Part 4 of 5: movie search program
Once you have a working BST class, use this class to input movie data and efficiently search this data in O(lgN) time. Since the input data is in random order, tree balancing is not required. Here’s another screenshot of the program in
action ----------------------------------------------------
The movies input file consists of N0 lines, where each line consists of 3 values: integer movie id, integer publication year, and string movie name. Here’s the start of the provided “movies1.txt” file:
119 1995 Heat
87 1952 Singin' in the Rain 6 2008 The Dark Knight .
.
.
104 1988 Die Hard
The data is in random order, both in terms of the movie id, and the movie name.
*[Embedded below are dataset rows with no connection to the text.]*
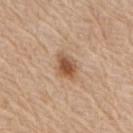Recorded during total-body skin imaging; not selected for excision or biopsy.
Automated tile analysis of the lesion measured an average lesion color of about L≈54 a*≈20 b*≈33 (CIELAB), about 13 CIELAB-L* units darker than the surrounding skin, and a lesion-to-skin contrast of about 9 (normalized; higher = more distinct). It also reported border irregularity of about 2 on a 0–10 scale and a color-variation rating of about 5/10. The software also gave an automated nevus-likeness rating near 95 out of 100.
The lesion is located on the left arm.
The subject is a female approximately 65 years of age.
This is a white-light tile.
Longest diameter approximately 3.5 mm.
A roughly 15 mm field-of-view crop from a total-body skin photograph.

This makes it suitable for building binary search trees using the id as a key, and the name as a key. In this assignment, you’ll want to create two different trees so you can lookup by id or name in O(lgN) time. Make no assumptions about the input data, as we’ll test your work using different movie files.
The reviews input file consists of N0 lines, where each line consists of 3 values: an integer review id, an integer movie id, and the integer rating in the range 1..5. The movie id refers to the movie for which this rating is associated, and the rating is the # of stars given in this review. Here’s the start of the provided “reviews1.txt” file:
140035 188 5
133994 78 4
123308 199 2 .
.
.
289471 78 4
Once again, make no assumptions about the input data, as we’ll test your work using different review files.
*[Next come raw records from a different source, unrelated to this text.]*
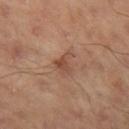The lesion was photographed on a routine skin check and not biopsied; there is no pathology result. The lesion is on the left thigh. About 3 mm across. A 15 mm crop from a total-body photograph taken for skin-cancer surveillance.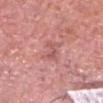Findings:
* follow-up — no biopsy performed (imaged during a skin exam)
* image source — ~15 mm tile from a whole-body skin photo
* patient — male, approximately 80 years of age
* tile lighting — white-light illumination
* body site — the head or neck

One of the design decisions you’ll need to make is how to associate each review with the correct movie. That’s where the movie id comes in. As you input the review data, lookup the movie id in your binary search tree, and store the rating in the value portion of the tree. In other words, use the review’s movie id as the search key, and store the review’s rating in the value associated with the key. When you are done processing the reviews, you should have a binary search tree that contains all the review data, organized by movie id or name (or both). The goal is to be able to find a movie’s information in O(lgN) time using either the movie’s id, or the movie’s name. This implies your key may be a simple type like integer or string, but your value will most likely be a struct.
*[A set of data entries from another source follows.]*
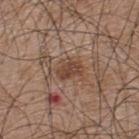TBP lesion metrics = an area of roughly 6 mm² and a shape eccentricity near 0.7; a lesion color around L≈44 a*≈19 b*≈28 in CIELAB, roughly 9 lightness units darker than nearby skin, and a normalized border contrast of about 7; a border-irregularity rating of about 3/10, a color-variation rating of about 2.5/10, and a peripheral color-asymmetry measure near 1; a lesion-detection confidence of about 85/100
acquisition = total-body-photography crop, ~15 mm field of view
lighting = white-light
patient = male, approximately 45 years of age
site = the upper back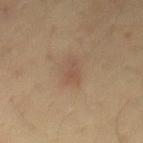{"biopsy_status": "not biopsied; imaged during a skin examination", "image": {"source": "total-body photography crop", "field_of_view_mm": 15}, "site": "mid back", "patient": {"sex": "male", "age_approx": 35}}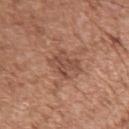Context:
The patient is a male aged 73–77. The recorded lesion diameter is about 4 mm. Located on the left upper arm. A region of skin cropped from a whole-body photographic capture, roughly 15 mm wide. The tile uses white-light illumination.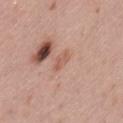Assessment:
Imaged during a routine full-body skin examination; the lesion was not biopsied and no histopathology is available.
Context:
This is a white-light tile. A lesion tile, about 15 mm wide, cut from a 3D total-body photograph. A female patient aged approximately 30. From the left thigh. Approximately 2.5 mm at its widest.

When searching for a movie, note that the user can enter a numeric movie id, or a string name. Use the getline function to obtain the input, and then determine if the input is numeric or not:
string input;
cout << "Enter a movie id or name (or # to quit) "; getline(cin, input); // read entire input line
It is not sufficient to simply check the first character of the input to see if it’s numeric --- some movie names start with numeric values such as “12 Angry Men”. You’ll need to write a little function to loop over the string and check all the characters; strings are objects, use their length() function to obtain the # of characters.
The program should interact with the user until the sentinel “#” is input. Your program output must match the output shown in the screenshots *exactly*, otherwise the autograding system will report your program as incorrect. It’s okay for your program to be case-sensitive, i.e. “Finding Nemo” != “finding nemo”.